(Dataset records)
++++++++++

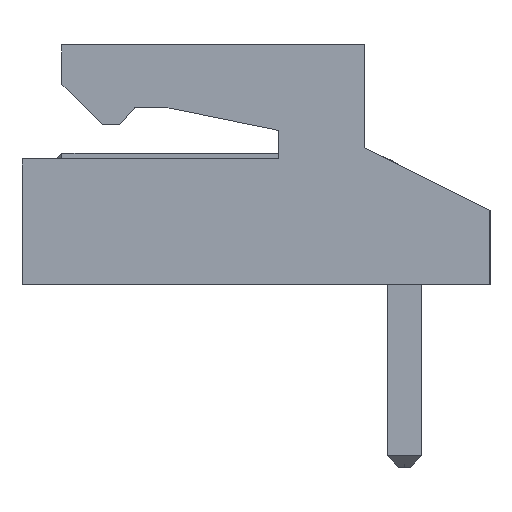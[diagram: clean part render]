
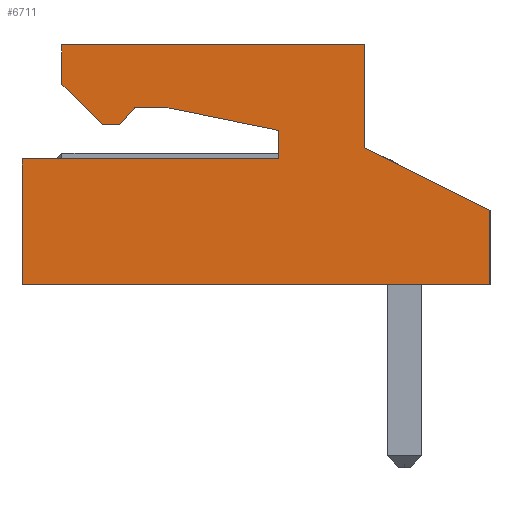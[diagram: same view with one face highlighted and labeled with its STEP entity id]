
A CAD part, left-side view. The second image highlights one B-rep face of the part: STEP entity #6711.
In plain terms, the highlighted face is planar.
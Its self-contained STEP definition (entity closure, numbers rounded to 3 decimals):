
#108 = VERTEX_POINT ( 'NONE', #6649 ) ;
#195 = LINE ( 'NONE', #8466, #13355 ) ;
#362 = LINE ( 'NONE', #11402, #12752 ) ;
#444 = VECTOR ( 'NONE', #1356, 1000. ) ;
#515 = CARTESIAN_POINT ( 'NONE',  ( 2.5, 4.2, 6. ) ) ;
#530 = CARTESIAN_POINT ( 'NONE',  ( 2.5, 1.3, -1.5 ) ) ;
#856 = DIRECTION ( 'NONE',  ( 0., 0., -1. ) ) ;
#1163 = EDGE_CURVE ( 'NONE', #13438, #9243, #12615, .T. ) ;
#1196 = CARTESIAN_POINT ( 'NONE',  ( 2.5, 2.2, 6.7 ) ) ;
#1356 = DIRECTION ( 'NONE',  ( 0., -0.447, -0.894 ) ) ;
#1368 = DIRECTION ( 'NONE',  ( 0., 1., 0. ) ) ;
#1399 = CARTESIAN_POINT ( 'NONE',  ( 2.5, 4.2, 6. ) ) ;
#1411 = VECTOR ( 'NONE', #1368, 1000. ) ;
#1438 = ORIENTED_EDGE ( 'NONE', *, *, #4454, .F. ) ;
#1501 = ORIENTED_EDGE ( 'NONE', *, *, #7088, .F. ) ;
#1652 = CARTESIAN_POINT ( 'NONE',  ( 2.5, 3.5, 6. ) ) ;
#1788 = ORIENTED_EDGE ( 'NONE', *, *, #6115, .F. ) ;
#1904 = EDGE_CURVE ( 'NONE', #11899, #4307, #10480, .T. ) ;
#1932 = VERTEX_POINT ( 'NONE', #5775 ) ;
#2586 = VECTOR ( 'NONE', #5292, 1000. ) ;
#2880 = CARTESIAN_POINT ( 'NONE',  ( 2.5, 3.1, 4.721 ) ) ;
#3293 = VECTOR ( 'NONE', #11972, 1000. ) ;
#3563 = EDGE_CURVE ( 'NONE', #15409, #1932, #8952, .T. ) ;
#3715 = LINE ( 'NONE', #1196, #7524 ) ;
#3815 = DIRECTION ( 'NONE',  ( 0., -1., 0. ) ) ;
#3982 = EDGE_CURVE ( 'NONE', #12736, #15484, #13125, .T. ) ;
#4056 = VECTOR ( 'NONE', #11874, 1000. ) ;
#4068 = LINE ( 'NONE', #8742, #9442 ) ;
#4127 = DIRECTION ( 'NONE',  ( 0., -0.75, 0.661 ) ) ;
#4307 = VERTEX_POINT ( 'NONE', #7699 ) ;
#4362 = CARTESIAN_POINT ( 'NONE',  ( 2.5, 2.8, 4.986 ) ) ;
#4434 = LINE ( 'NONE', #9180, #12619 ) ;
#4454 = EDGE_CURVE ( 'NONE', #13808, #15484, #7079, .T. ) ;
#4658 = VERTEX_POINT ( 'NONE', #15309 ) ;
#4657 = CARTESIAN_POINT ( 'NONE',  ( 2.5, 4.2, 0.7 ) ) ;
#5292 = DIRECTION ( 'NONE',  ( 0., 1., 0. ) ) ;
#5433 = DIRECTION ( 'NONE',  ( 0., 1., 0. ) ) ;
#5775 = CARTESIAN_POINT ( 'NONE',  ( 2.5, 2.8, 4.986 ) ) ;
#5865 = VECTOR ( 'NONE', #4127, 1000. ) ;
#5941 = VECTOR ( 'NONE', #6948, 1000. ) ;
#6081 = CARTESIAN_POINT ( 'NONE',  ( 2.5, 3.1, 4.16 ) ) ;
#6092 = VECTOR ( 'NONE', #856, 1000. ) ;
#6115 = EDGE_CURVE ( 'NONE', #6335, #15409, #9765, .T. ) ;
#6235 = LINE ( 'NONE', #11834, #5941 ) ;
#6335 = VERTEX_POINT ( 'NONE', #6081 ) ;
#6345 = DIRECTION ( 'NONE',  ( 0., 0.7, 0.714 ) ) ;
#6649 = CARTESIAN_POINT ( 'NONE',  ( 2.5, 2.2, 6.7 ) ) ;
#6711 = ADVANCED_FACE ( 'NONE', ( #13475 ), #7178, .F. ) ;
#6930 = ORIENTED_EDGE ( 'NONE', *, *, #14759, .F. ) ;
#6948 = DIRECTION ( 'NONE',  ( 0., 1., 0. ) ) ;
#6985 = ORIENTED_EDGE ( 'NONE', *, *, #1163, .F. ) ;
#7079 = LINE ( 'NONE', #14309, #4056 ) ;
#7088 = EDGE_CURVE ( 'NONE', #9243, #13808, #12433, .T. ) ;
#7178 = PLANE ( 'NONE',  #11852 ) ;
#7364 = EDGE_CURVE ( 'NONE', #11622, #4307, #195, .T. ) ;
#7524 = VECTOR ( 'NONE', #9555, 1000. ) ;
#7699 = CARTESIAN_POINT ( 'NONE',  ( 2.5, 0., -1.5 ) ) ;
#7800 = DIRECTION ( 'NONE',  ( 0., 0., 1. ) ) ;
#8098 = DIRECTION ( 'NONE',  ( 0., 0.2, 0.98 ) ) ;
#8193 = CARTESIAN_POINT ( 'NONE',  ( 2.5, 0., 6.7 ) ) ;
#8239 = EDGE_CURVE ( 'NONE', #4658, #6335, #4434, .T. ) ;
#8305 = CARTESIAN_POINT ( 'NONE',  ( 2.5, 0., 0.7 ) ) ;
#8368 = LINE ( 'NONE', #13191, #444 ) ;
#8466 = CARTESIAN_POINT ( 'NONE',  ( 2.5, 1.3, -1.5 ) ) ;
#8742 = CARTESIAN_POINT ( 'NONE',  ( 2.5, 2.8, 5.286 ) ) ;
#8952 = LINE ( 'NONE', #4362, #5865 ) ;
#9086 = ORIENTED_EDGE ( 'NONE', *, *, #7364, .F. ) ;
#9138 = CARTESIAN_POINT ( 'NONE',  ( 2.5, 2.2, 2.2 ) ) ;
#9180 = CARTESIAN_POINT ( 'NONE',  ( 2.5, 2.7, 2.2 ) ) ;
#9241 = CARTESIAN_POINT ( 'NONE',  ( 2.5, 0., 6.7 ) ) ;
#9243 = VERTEX_POINT ( 'NONE', #11924 ) ;
#9252 = EDGE_CURVE ( 'NONE', #108, #13658, #3715, .T. ) ;
#9442 = VECTOR ( 'NONE', #7800, 1000. ) ;
#9524 = CARTESIAN_POINT ( 'NONE',  ( 2.5, 2.4, 0.7 ) ) ;
#9549 = ORIENTED_EDGE ( 'NONE', *, *, #15095, .F. ) ;
#9555 = DIRECTION ( 'NONE',  ( 0., 0., -1. ) ) ;
#9687 = DIRECTION ( 'NONE',  ( -1., 0., 0. ) ) ;
#9765 = LINE ( 'NONE', #10875, #3293 ) ;
#10054 = ORIENTED_EDGE ( 'NONE', *, *, #3563, .F. ) ;
#10480 = LINE ( 'NONE', #8193, #6092 ) ;
#10509 = ORIENTED_EDGE ( 'NONE', *, *, #13792, .F. ) ;
#10794 = CARTESIAN_POINT ( 'NONE',  ( 2.5, 0., 6.7 ) ) ;
#10858 = EDGE_LOOP ( 'NONE', ( #1438, #1501, #6985, #9549, #10054, #1788, #15181, #10509, #10983, #6930, #13140, #9086, #12154, #11301 ) ) ;
#10875 = CARTESIAN_POINT ( 'NONE',  ( 2.5, 3.1, 4.721 ) ) ;
#10983 = ORIENTED_EDGE ( 'NONE', *, *, #9252, .F. ) ;
#11026 = DIRECTION ( 'NONE',  ( 0., -1., 0. ) ) ;
#11301 = ORIENTED_EDGE ( 'NONE', *, *, #3982, .T. ) ;
#11402 = CARTESIAN_POINT ( 'NONE',  ( 2.5, 0., 6.7 ) ) ;
#11622 = VERTEX_POINT ( 'NONE', #530 ) ;
#11834 = CARTESIAN_POINT ( 'NONE',  ( 2.5, 2.2, 2.2 ) ) ;
#11852 = AXIS2_PLACEMENT_3D ( 'NONE', #10794, #9687, #11026 ) ;
#11874 = DIRECTION ( 'NONE',  ( 0., 0., -1. ) ) ;
#11899 = VERTEX_POINT ( 'NONE', #9241 ) ;
#11924 = CARTESIAN_POINT ( 'NONE',  ( 2.5, 3.5, 6. ) ) ;
#11972 = DIRECTION ( 'NONE',  ( 0., 0., 1. ) ) ;
#12154 = ORIENTED_EDGE ( 'NONE', *, *, #13556, .F. ) ;
#12433 = LINE ( 'NONE', #515, #2586 ) ;
#12615 = LINE ( 'NONE', #1652, #15037 ) ;
#12619 = VECTOR ( 'NONE', #8098, 1000. ) ;
#12736 = VERTEX_POINT ( 'NONE', #9524 ) ;
#12752 = VECTOR ( 'NONE', #5433, 1000. ) ;
#12796 = CARTESIAN_POINT ( 'NONE',  ( 2.5, 2.8, 5.286 ) ) ;
#13125 = LINE ( 'NONE', #8305, #1411 ) ;
#13140 = ORIENTED_EDGE ( 'NONE', *, *, #1904, .T. ) ;
#13191 = CARTESIAN_POINT ( 'NONE',  ( 2.5, 2.4, 0.7 ) ) ;
#13355 = VECTOR ( 'NONE', #3815, 1000. ) ;
#13438 = VERTEX_POINT ( 'NONE', #12796 ) ;
#13475 = FACE_OUTER_BOUND ( 'NONE', #10858, .T. ) ;
#13556 = EDGE_CURVE ( 'NONE', #12736, #11622, #8368, .T. ) ;
#13658 = VERTEX_POINT ( 'NONE', #9138 ) ;
#13792 = EDGE_CURVE ( 'NONE', #13658, #4658, #6235, .T. ) ;
#13808 = VERTEX_POINT ( 'NONE', #1399 ) ;
#14309 = CARTESIAN_POINT ( 'NONE',  ( 2.5, 4.2, 6.7 ) ) ;
#14759 = EDGE_CURVE ( 'NONE', #11899, #108, #362, .T. ) ;
#15037 = VECTOR ( 'NONE', #6345, 1000. ) ;
#15095 = EDGE_CURVE ( 'NONE', #1932, #13438, #4068, .T. ) ;
#15181 = ORIENTED_EDGE ( 'NONE', *, *, #8239, .F. ) ;
#15309 = CARTESIAN_POINT ( 'NONE',  ( 2.5, 2.7, 2.2 ) ) ;
#15409 = VERTEX_POINT ( 'NONE', #2880 ) ;
#15484 = VERTEX_POINT ( 'NONE', #4657 ) ;

++++++++++

> TASK PROMPT: Beginning at the line with "#10858 = EDGE_LOOP" and ending at the line with "#11834 = CARTESIAN_POINT", reproduce each line of the data above exactly, and add no other lines.

> EXERCISE ANSWER:
#10858 = EDGE_LOOP ( 'NONE', ( #1438, #1501, #6985, #9549, #10054, #1788, #15181, #10509, #10983, #6930, #13140, #9086, #12154, #11301 ) ) ;
#10875 = CARTESIAN_POINT ( 'NONE',  ( 2.5, 3.1, 4.721 ) ) ;
#10983 = ORIENTED_EDGE ( 'NONE', *, *, #9252, .F. ) ;
#11026 = DIRECTION ( 'NONE',  ( 0., -1., 0. ) ) ;
#11301 = ORIENTED_EDGE ( 'NONE', *, *, #3982, .T. ) ;
#11402 = CARTESIAN_POINT ( 'NONE',  ( 2.5, 0., 6.7 ) ) ;
#11622 = VERTEX_POINT ( 'NONE', #530 ) ;
#11834 = CARTESIAN_POINT ( 'NONE',  ( 2.5, 2.2, 2.2 ) ) ;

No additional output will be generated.